Competent mystery thriller but dating fast.

The chanting druid doods are back and there's not much new there. There's some variation of chanting semi religious assembly in too many Williams/Read productions.
Famed old time British actor Beatrix Lehman (https://en.wikipedia.org/wiki/Beatrix_Lehmann) makes what turned out to be her final screen appearance as the little old lady archeologist. The performance is charming and accomplished (watch the eyes) but the character seems out of place. Nevertheless this is the standout guest star appearance of series 16.

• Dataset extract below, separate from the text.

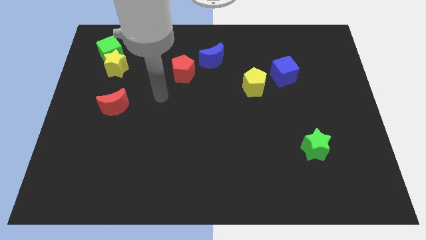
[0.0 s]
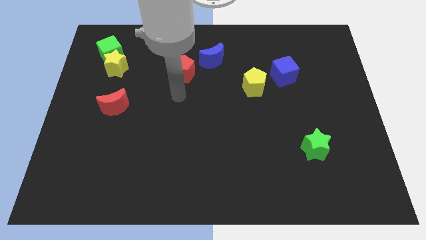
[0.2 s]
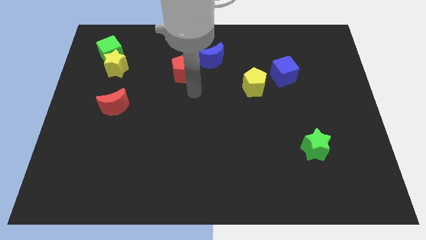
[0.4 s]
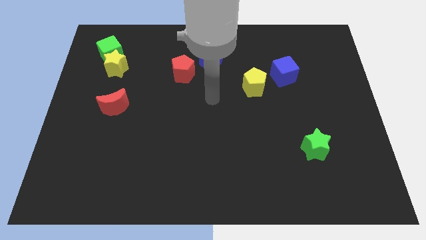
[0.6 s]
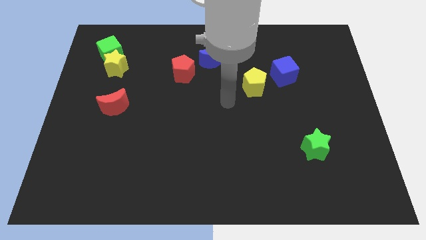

Mary is great to watch and a rival for screen real estate with Tom.
Tom is angry and raging through most of the script. The story director Darrol Blake tells of Tom's domestic habits on the DVD making of doco makes you wonder about his state of life. Susan Engels as Viven Fay is merely adequate and not very impressive. He comes across as patrician rather than suspicious or menacing.

The other roles are unremarkable.

I think swapping roles for Engels and Lehman would have been a good move. Cutting the DeVries (both of them) altogether would have helped too.

The hyperspace stuff is fantasy, made up rubbish. Nothing to do with Einstein at all. But this is DW so I guess it comes with the territory.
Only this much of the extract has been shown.